Items listed in a dataset:
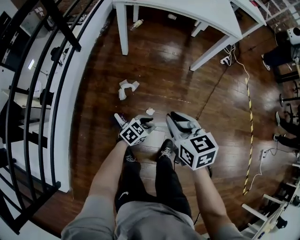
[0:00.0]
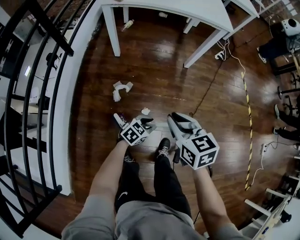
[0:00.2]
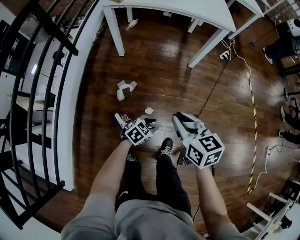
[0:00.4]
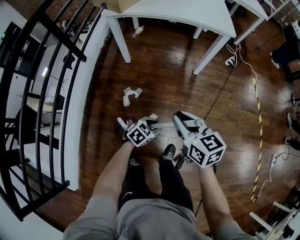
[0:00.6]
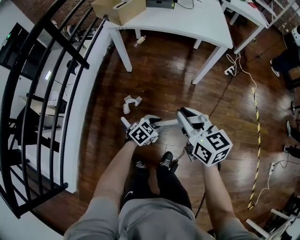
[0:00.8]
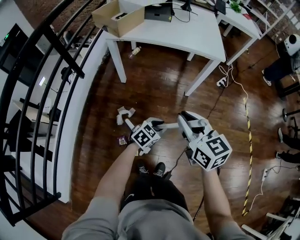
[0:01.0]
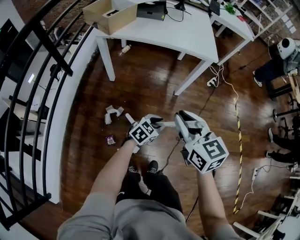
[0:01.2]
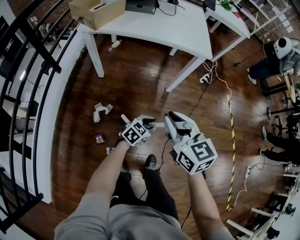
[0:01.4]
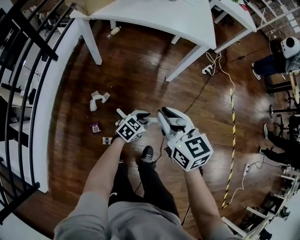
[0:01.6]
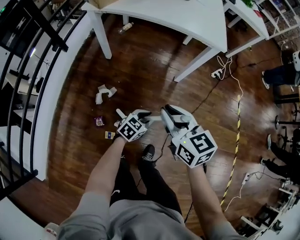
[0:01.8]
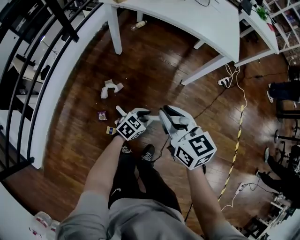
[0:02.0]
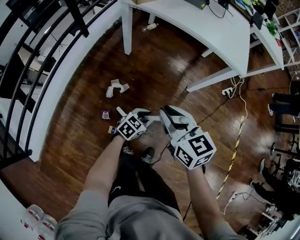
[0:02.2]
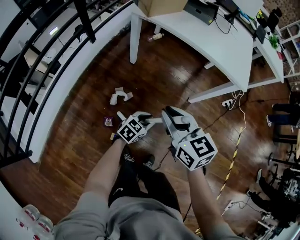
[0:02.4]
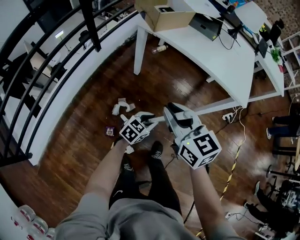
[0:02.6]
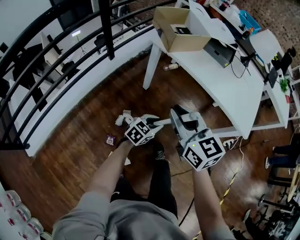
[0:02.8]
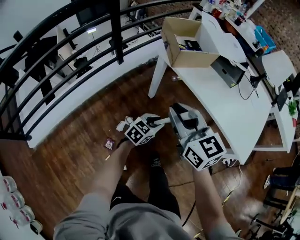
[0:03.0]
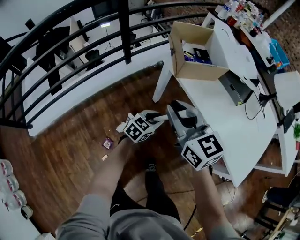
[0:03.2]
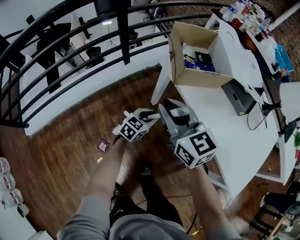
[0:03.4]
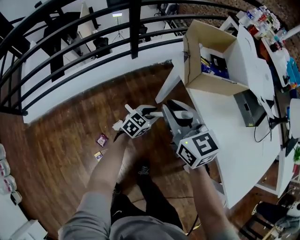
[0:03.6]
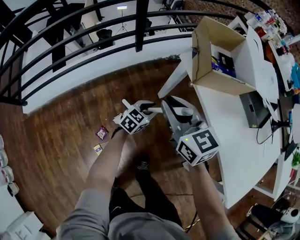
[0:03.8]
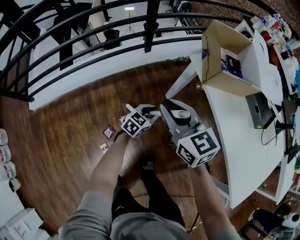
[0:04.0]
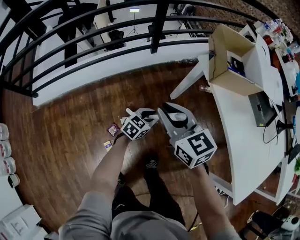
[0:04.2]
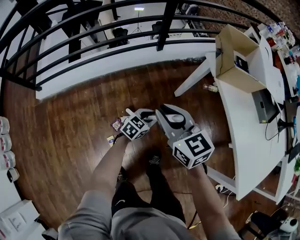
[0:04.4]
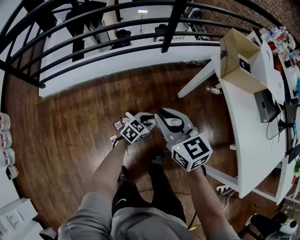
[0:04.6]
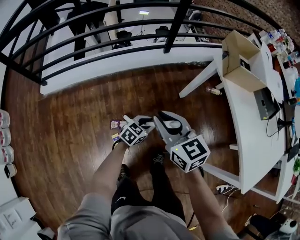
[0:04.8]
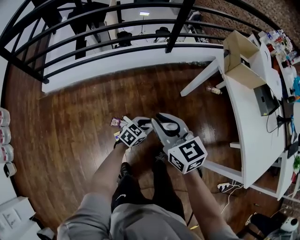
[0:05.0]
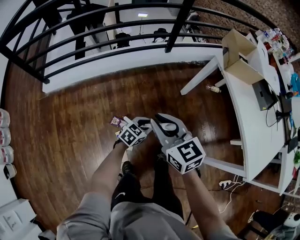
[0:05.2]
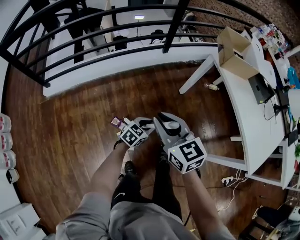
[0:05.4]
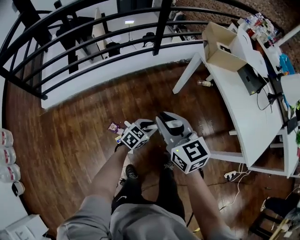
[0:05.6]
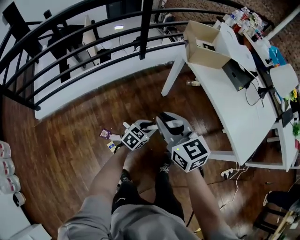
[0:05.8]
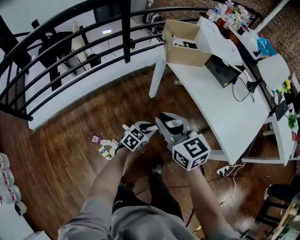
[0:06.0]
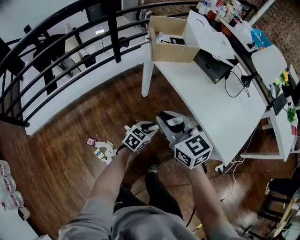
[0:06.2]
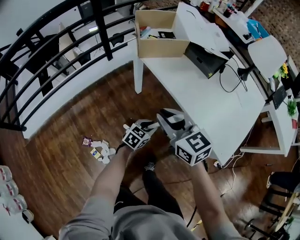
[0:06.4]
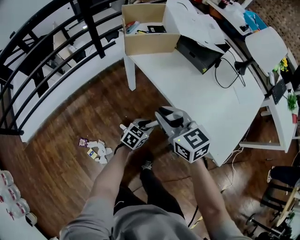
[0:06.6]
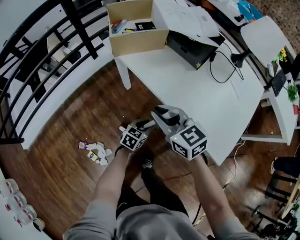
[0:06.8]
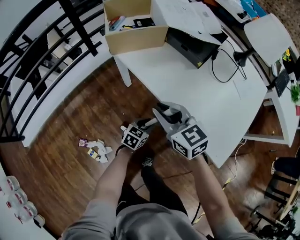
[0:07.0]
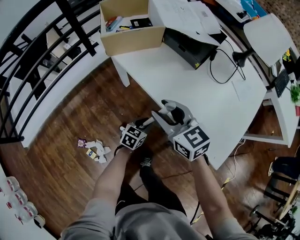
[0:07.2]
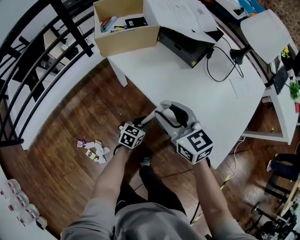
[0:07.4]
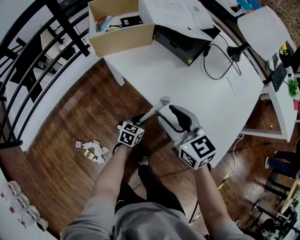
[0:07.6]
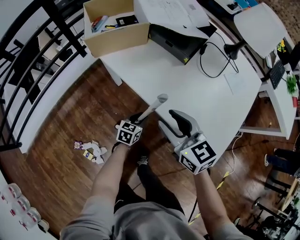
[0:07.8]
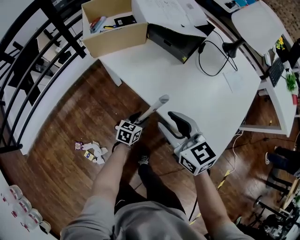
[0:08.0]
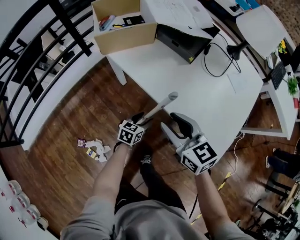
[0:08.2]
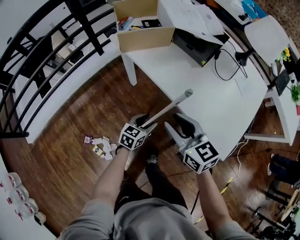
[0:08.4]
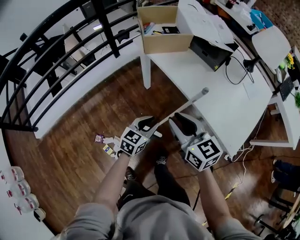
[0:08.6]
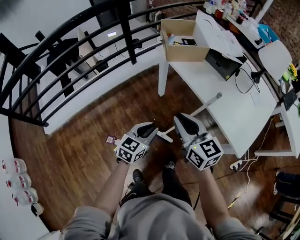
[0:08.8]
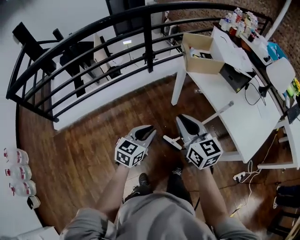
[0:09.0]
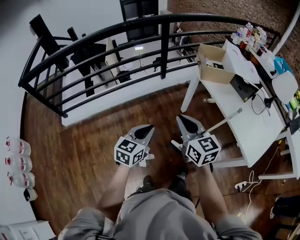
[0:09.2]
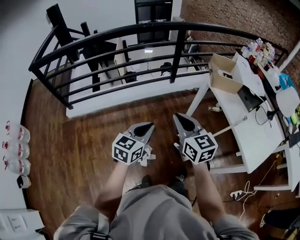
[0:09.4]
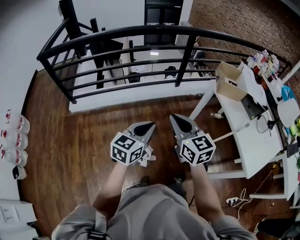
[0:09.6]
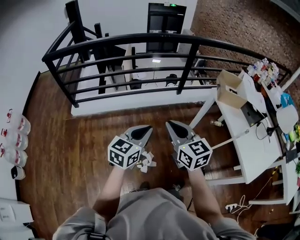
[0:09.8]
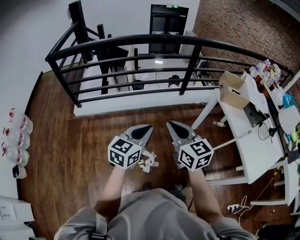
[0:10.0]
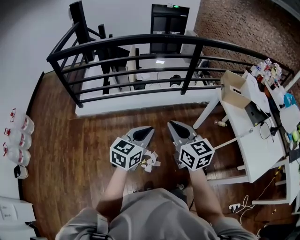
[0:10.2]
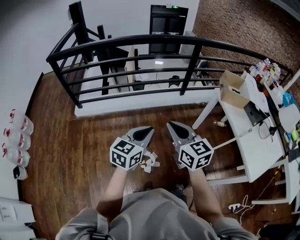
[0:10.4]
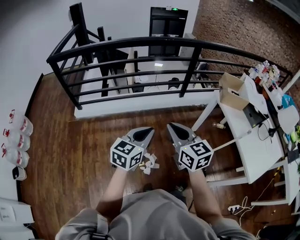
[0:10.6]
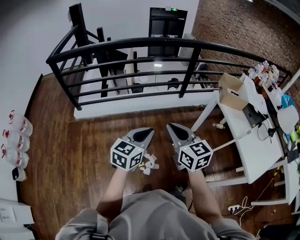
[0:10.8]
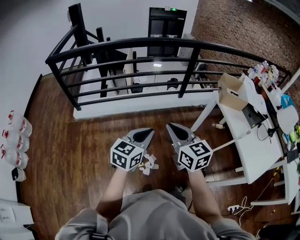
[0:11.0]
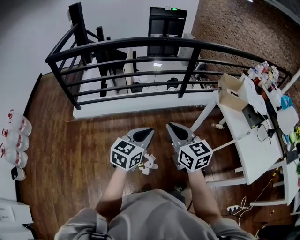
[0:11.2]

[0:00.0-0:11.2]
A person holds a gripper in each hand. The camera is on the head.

DIRECTIONS FOR THIS TASK:
Retype the data above exactly, dropping every picture.

FINISHED EXERCISE:
[0:00.0]
[0:00.2]
[0:00.4]
[0:00.6]
[0:00.8]
[0:01.0]
[0:01.2]
[0:01.4]
[0:01.6]
[0:01.8]
[0:02.0]
[0:02.2]
[0:02.4]
[0:02.6]
[0:02.8]
[0:03.0]
[0:03.2]
[0:03.4]
[0:03.6]
[0:03.8]
[0:04.0]
[0:04.2]
[0:04.4]
[0:04.6]
[0:04.8]
[0:05.0]
[0:05.2]
[0:05.4]
[0:05.6]
[0:05.8]
[0:06.0]
[0:06.2]
[0:06.4]
[0:06.6]
[0:06.8]
[0:07.0]
[0:07.2]
[0:07.4]
[0:07.6]
[0:07.8]
[0:08.0]
[0:08.2]
[0:08.4]
[0:08.6]
[0:08.8]
[0:09.0]
[0:09.2]
[0:09.4]
[0:09.6]
[0:09.8]
[0:10.0]
[0:10.2]
[0:10.4]
[0:10.6]
[0:10.8]
[0:11.0]
[0:11.2]

[0:00.0-0:11.2]
A person holds a gripper in each hand. The camera is on the head.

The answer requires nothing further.